1. Profiting from Commodification – Data has monetary value, certain people pay for data for a variety of reasons. Increasing total data means more money essentially created from nothing (besides costs of maintaining cloud/internet, manufacturing computers). As Purfoiy mentioned earlier, the value of data increases proportionally to its complexity, so more data, linked to other data, has increasing value. This dynamic allows a UBI type of instrument described by Brain Brooks, and creates an incentive for investment into digital social impact schemes, both of which entangle people into the digital system financially. Entrepreneurs, institutional incumbents, the poor, the youth and other groups likely would become dependent on such a system. Financial carrots and sticks, a digitized public sector, and narrative manipulation herds people into the digital system which generates valuable data.
2. Social/Bio Engineering – With growing dependence on these digital systems, and compounding sophistication of the algorithms, the ability to engineer society increases. Feeding algorithms with data increases their ability to carry out their designated task. Targeting social-emotional data both trains the algorithms to act more human and enables advanced surveillance targeting the deeper aspects of ourselves. This leads us closer to the already unfolding future where thought crime exists. Non humans have even less ability to resist digital harvesting. The institutions, corporations, and governments whose imperative it is to manage and dominate need algorithms to maintain their status. This digital economy also soaks up printed money/debt to help keep the collapsing economy afloat.
3. Cosmic ambitions – this aspect falls under many names including the singularity/transhumanism and generally encompasess the religious/esoteric aspect of technology. The implications of this are unknowable, but intensive interfacing of our minds and bodies with computers is clearly a primary agenda of transhumanists. The inspirations can be difficult to ascertain, but a major goal laid out by Melanie Swan is imperialism. She cites a soviet astrophysicist Nikolai Kardashev, who related the progress of civilization to its ability to control energy. A type one civilization would marshall all of the planets energy, type two the suns, type three the galaxy:
A Kardashev-plus society is one that is able to marshal all resources, tangible and intangible, not only energy as a central resource, for society’s long-term flourishing. To reach a Kardashev-plus society, new models, techniques, and strategies such as B/CIs are necessary. Tools adequate to carrying out a new tier of very large-scale projects beyond today’s megaprojects3 are needed. The B/CI is indicated as a workhorse tool for coordinating both mental and physical resources on a beyond-planetary scale. (Emphasis added)
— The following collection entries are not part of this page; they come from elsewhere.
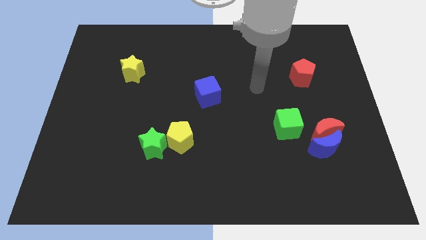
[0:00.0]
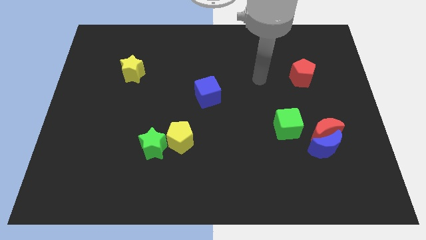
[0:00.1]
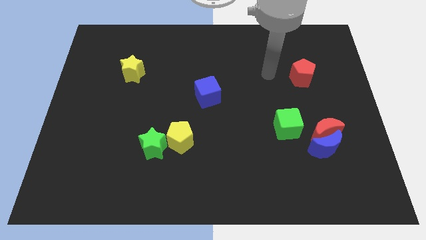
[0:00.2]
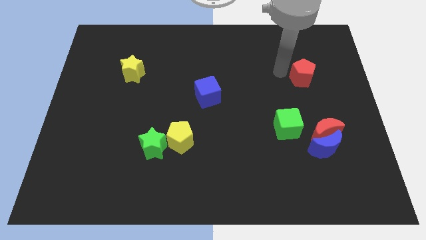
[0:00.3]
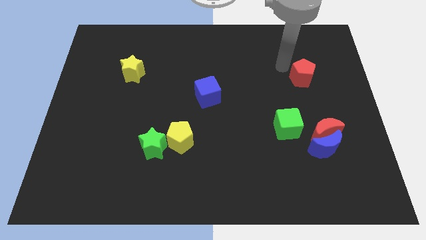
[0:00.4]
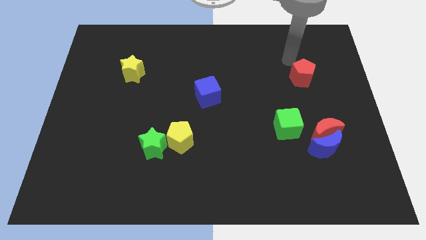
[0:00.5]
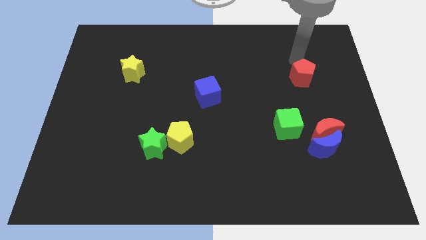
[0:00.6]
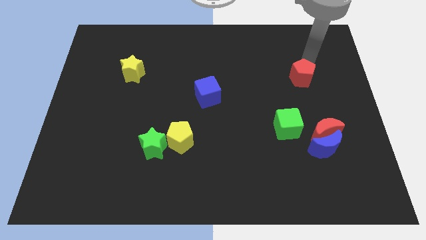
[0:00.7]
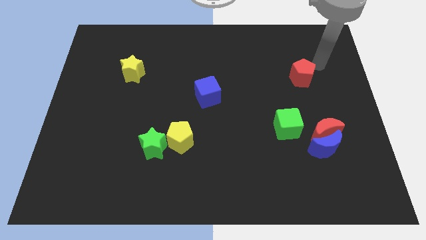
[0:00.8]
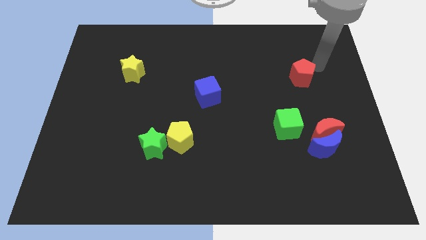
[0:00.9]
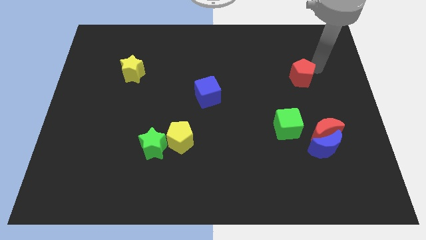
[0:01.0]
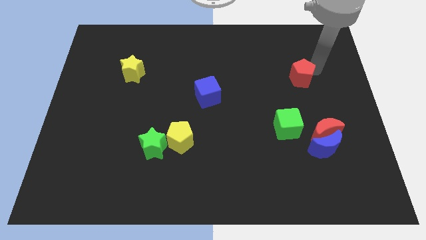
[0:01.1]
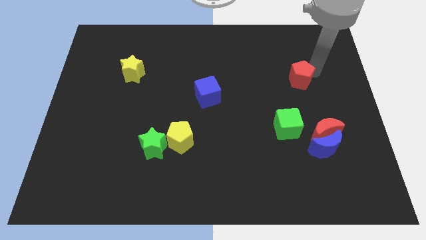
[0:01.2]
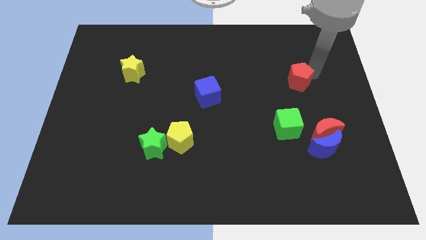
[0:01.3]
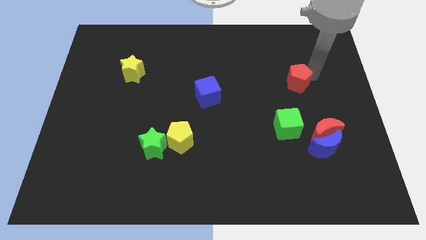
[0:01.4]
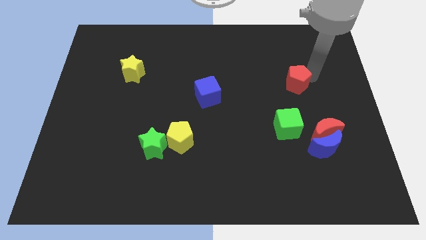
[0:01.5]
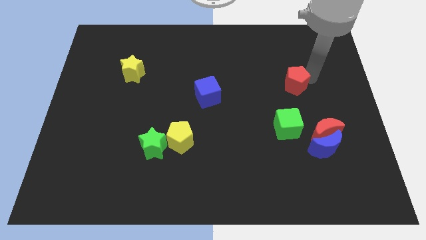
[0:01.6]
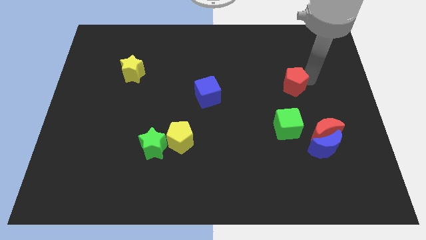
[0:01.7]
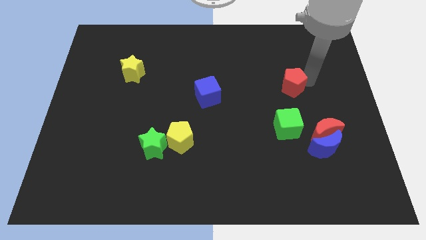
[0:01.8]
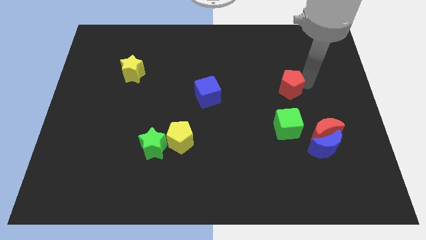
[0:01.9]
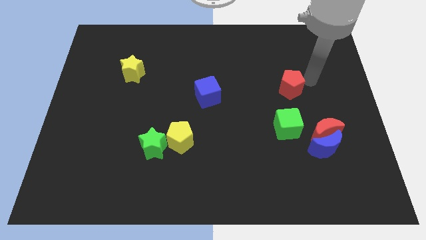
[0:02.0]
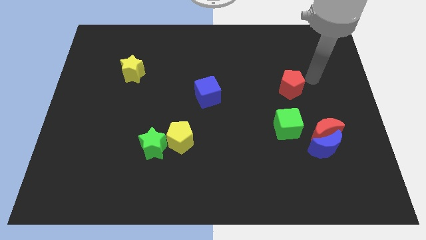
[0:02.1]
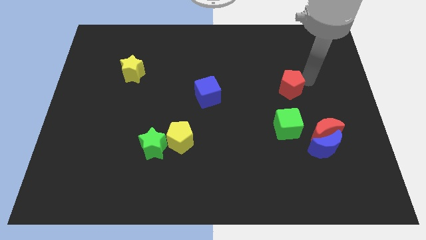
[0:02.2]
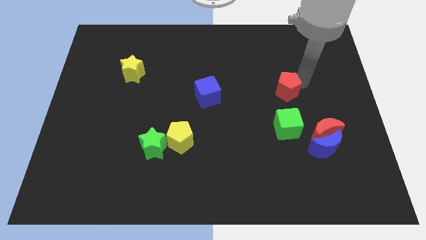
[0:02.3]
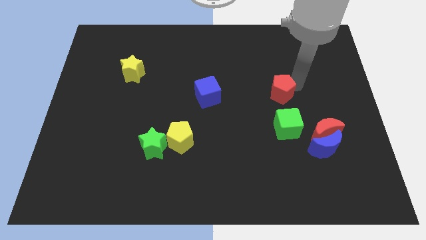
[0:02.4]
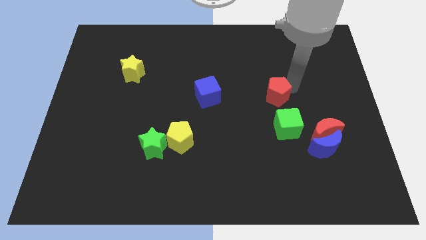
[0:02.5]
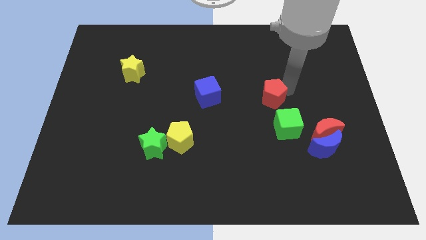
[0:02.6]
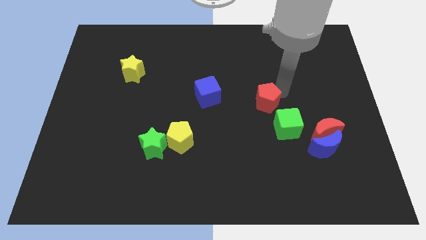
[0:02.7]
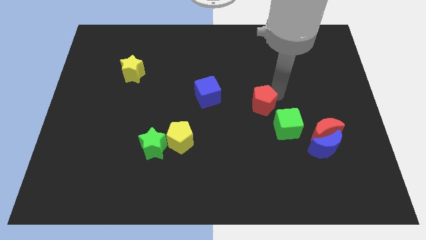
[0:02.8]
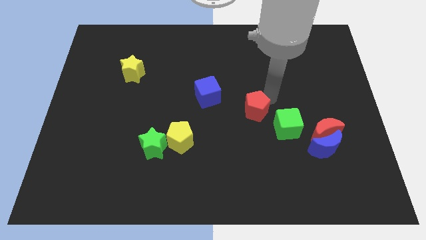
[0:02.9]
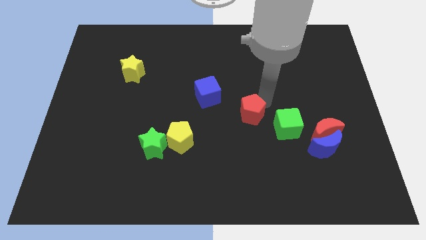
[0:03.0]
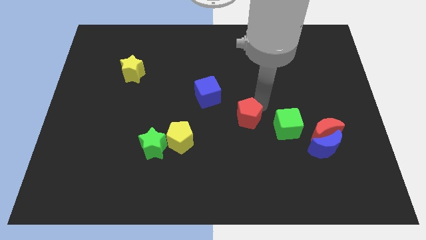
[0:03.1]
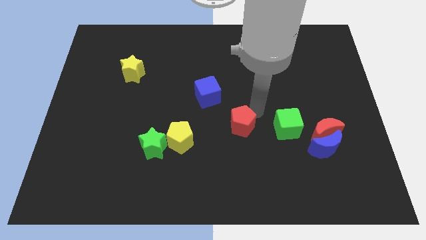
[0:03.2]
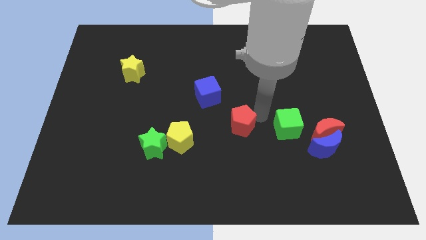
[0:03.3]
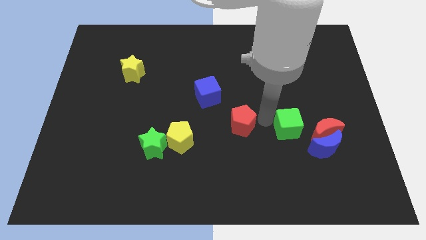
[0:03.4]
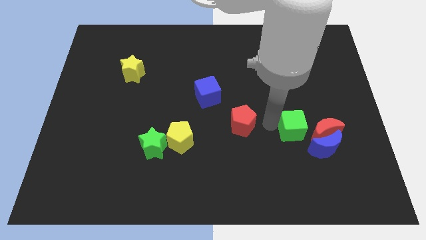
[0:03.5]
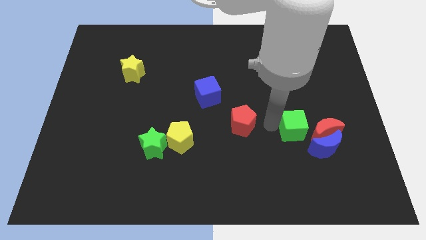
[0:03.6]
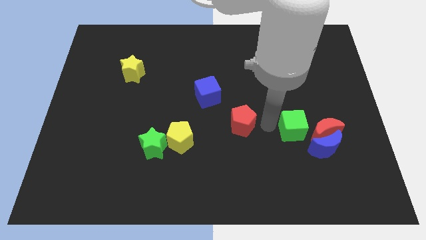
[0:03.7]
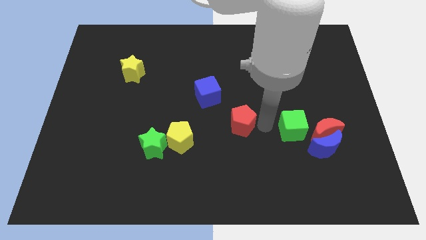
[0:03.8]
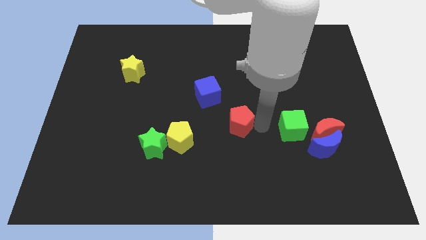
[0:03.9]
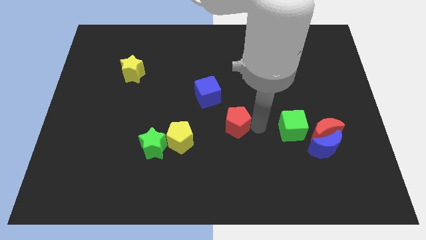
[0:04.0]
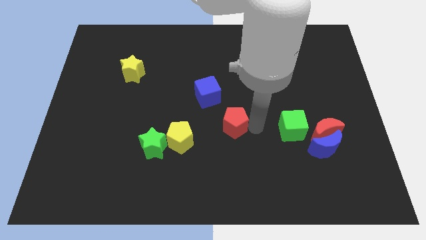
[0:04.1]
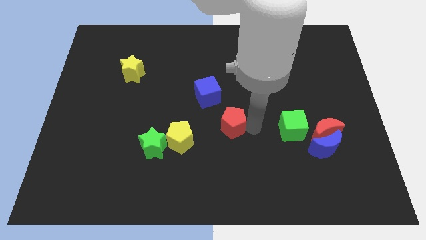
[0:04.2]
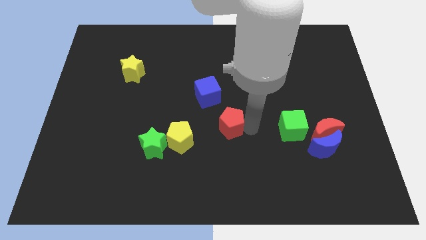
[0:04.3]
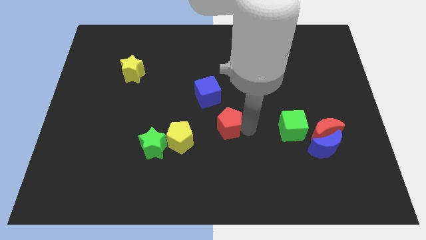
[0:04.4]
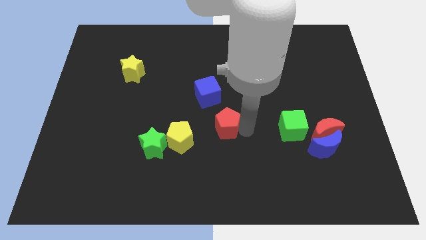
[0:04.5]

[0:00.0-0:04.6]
push the red pentagon to the bottom of the blue cube

In this sense, the argument for transhumanism is about developing the mental infrastructure to support continuous physical expansion.
These three levels encompass a wide spectrum of people. Obviously not everyone engaged with the digital paradigm talks like Melanie Swan, but the other two levels of engagement inevitably support such a program. The growing EdTech and myriad of fourth industrial revolution technologies cannot be understood in isolation. Education represents a major area of development for the digital paradigm, but certainly is not the only one. Recognizing the wider consequences and intentions of these initiatives helps shape honest discussions and avoids manipulative narratives.